If we rearrange `second` using these indices, then we should see that all the values present in both vectors are in the same positions and NAs are present for any missing values.

``second[match(first, second)]``

### Reordering genomic data using `match()` function

While the input to the `match()` function is always going to be to vectors, often we need to use these vectors to reorder the rows or columns of a data frame to match the rows or columns of another dataframe. Let's explore how to do this with our use case featuring RNA-seq data. To perform differential gene expression analysis, we have a data frame with the expression data or counts for every sample and another data frame with the information about to which condition each sample belongs. For the tools doing the analysis, the samples in the counts data, which are the column names, need to be the same and in the same order as the samples in the metadata data frame, which are the rownames.

We can take a look at these samples in each dataset by using the `rownames()` and `colnames()` functions.

``````# Check row names of the metadata

# Check the column names of the counts data
colnames(rpkm_data)``````

We see the row names of the metadata are in a nice order starting at `sample1` and ending at `sample12`, while the column names of the counts data look to be the same samples, but are randomly ordered. Therefore, we want to reorder the columns of the counts data to match the order of the row names of the metadata. To do so, we will use the `match()` function to match the row names of our metadata with the column names of our counts data, so these will be the arguments for match.

To do so, we will use the match function to match the row names of our metadata with the column names of our counts data, so these will be the arguments for `match()`.

Within the `match()` function, the rownames of the metadata is the vector in the order that we want, so this will be the first argument, while the column names of the count or rpkm data is the vector to be reordered. We will save these indices for how to reorder the column names of the count data such that it matches the rownames of the metadata to a variable called `genomic idx`.

``````genomic_idx <- match(rownames(metadata), colnames(rpkm_data))
genomic_idx``````

The `genomic_idx` represents how to re-order the column names in our counts data to be identical to the row names in metadata.

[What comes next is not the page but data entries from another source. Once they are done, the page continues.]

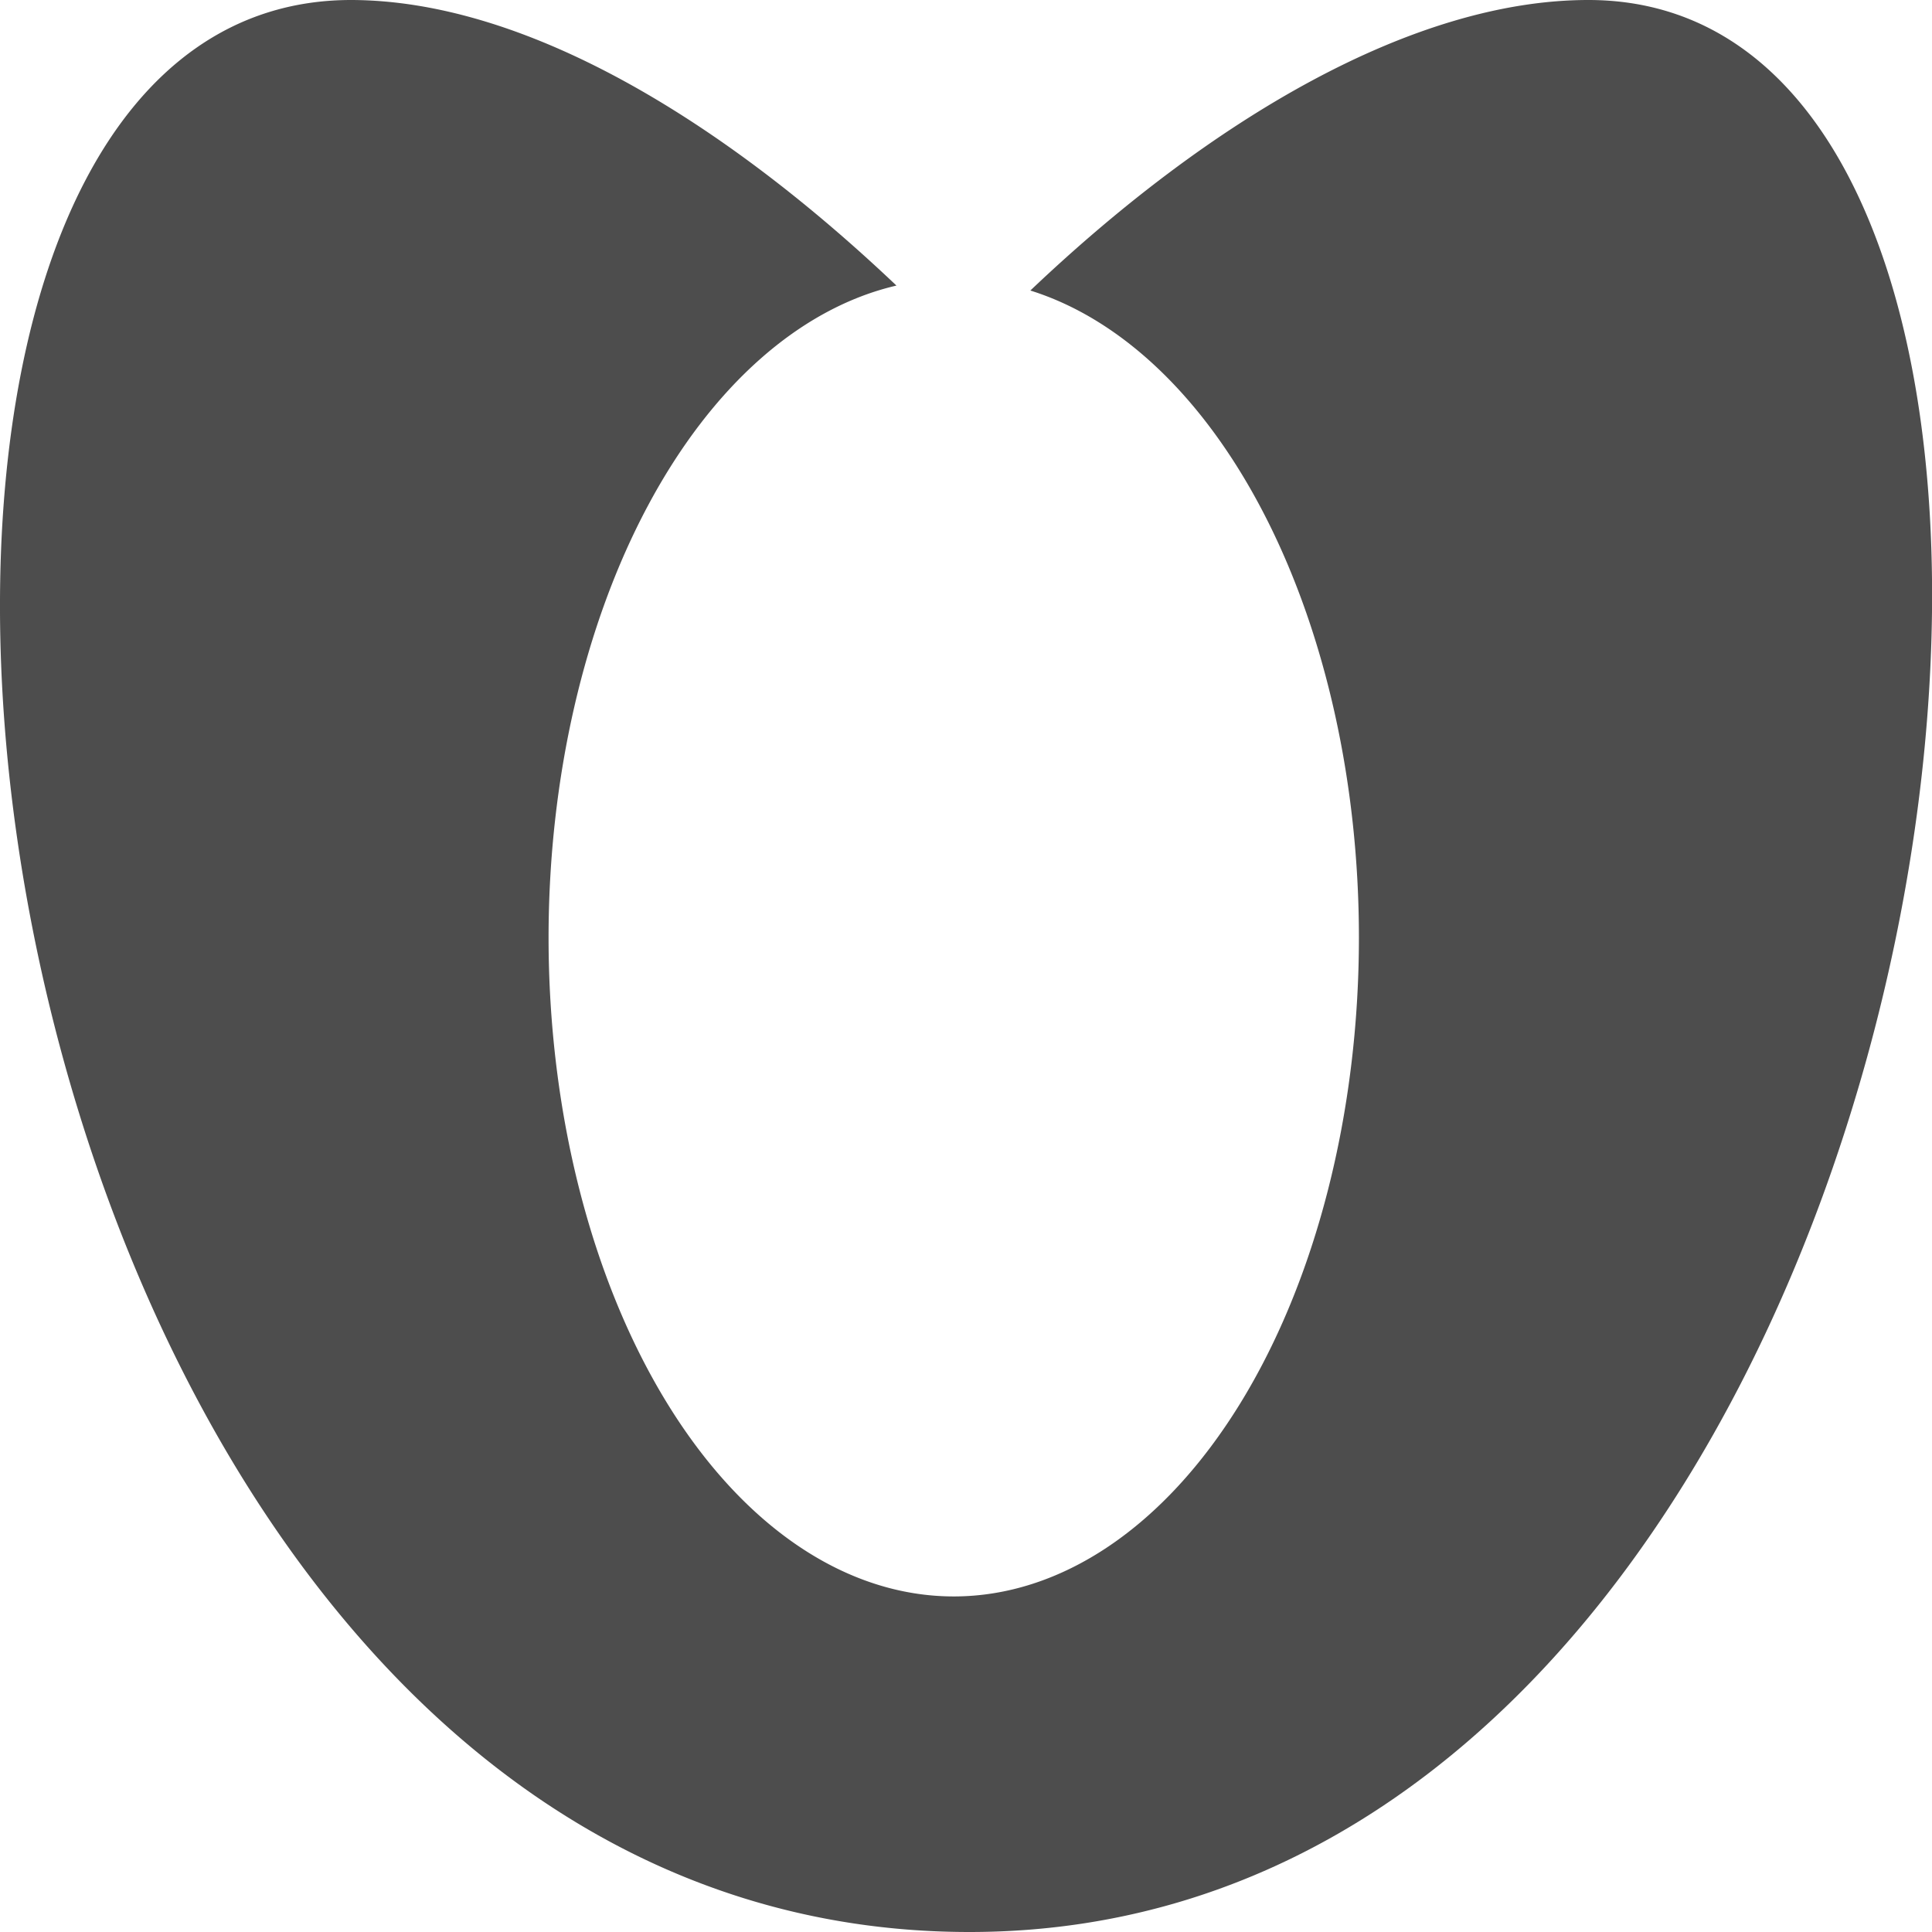 <svg xmlns="http://www.w3.org/2000/svg" version="1.1" viewBox="0 0 16 16">
 <defs>
  <style id="current-color-scheme" type="text/css">
   .ColorScheme-Text { color:#4d4d4d; }
  </style>
 </defs>
 <path style="fill:#4d4d4d" d="M 2.902 0 C 0.95 0.005 -0.011 2.252 0 5.062 C 0.017 9.751 2.742 16 8.029 16 C 13.229 16 15.949 9.751 16 5.062 C 16.031 2.25 15.095 -5.9211895e-16 13.154 0 C 11.703 0 10.027 0.986 8.533 2.406 A 3.356 5.458 0 0 1 11.254 7.764 A 3.356 5.458 0 0 1 7.898 13.221 A 3.356 5.458 0 0 1 4.543 7.764 A 3.356 5.458 0 0 1 7.424 2.365 C 5.957 0.973 4.334 0.003 2.908 0 L 2.904 0 L 2.902 0 z"/>
</svg>

Now we can create a new counts data frame in which the columns are re-ordered based on the `match()` indices. Remember that to reorder the rows or columns in a data frame we give the name of the data frame followed by square brackets, and then the indices for how to reorder the rows or columns.

Our `genomic_idx` represents how we would need to reorder the columns of our count data such that the column names would be in the same order as the row names of our metadata. Therefore, we need to add our `genomic_idx` to the columns position. We are going to save the output of the reordering to a new data frame called `rpkm_ordered`.

``````# Reorder the counts data frame to have the sample names in the same order as the metadata data frame
rpkm_ordered  <- rpkm_data[ , genomic_idx]``````

Check and see what happened by clicking on the `rpkm_ordered` in the Environment window or using the `View()` function.

``````# View the reordered counts
View(rpkm_ordered)``````

We can see the sample names are now in a nice order from sample 1 to 12, just like the metadata.

You can also verify that column names of this new data matrix matches the metadata row names by using the `all` function:

``all(rownames(metadata) == colnames(rpkm_ordered))``

Now that our samples are ordered the same in our metadata and counts data, if these were raw counts (not RPKM) we could proceed to perform differential expression analysis with this dataset.

Exercises

1. After talking with your collaborator, it becomes clear that `sample2` and `sample9` were actually from a different mouse background than the other samples and should not be part of our analysis. Create a new variable called `subset_rpkm` that has these columns removed from the `rpkm_ordered` data frame.

2. Use the `match()` function to subset the `metadata` data frame so that the row names of the `metadata` data frame match the column names of the `subset_rpkm` data frame.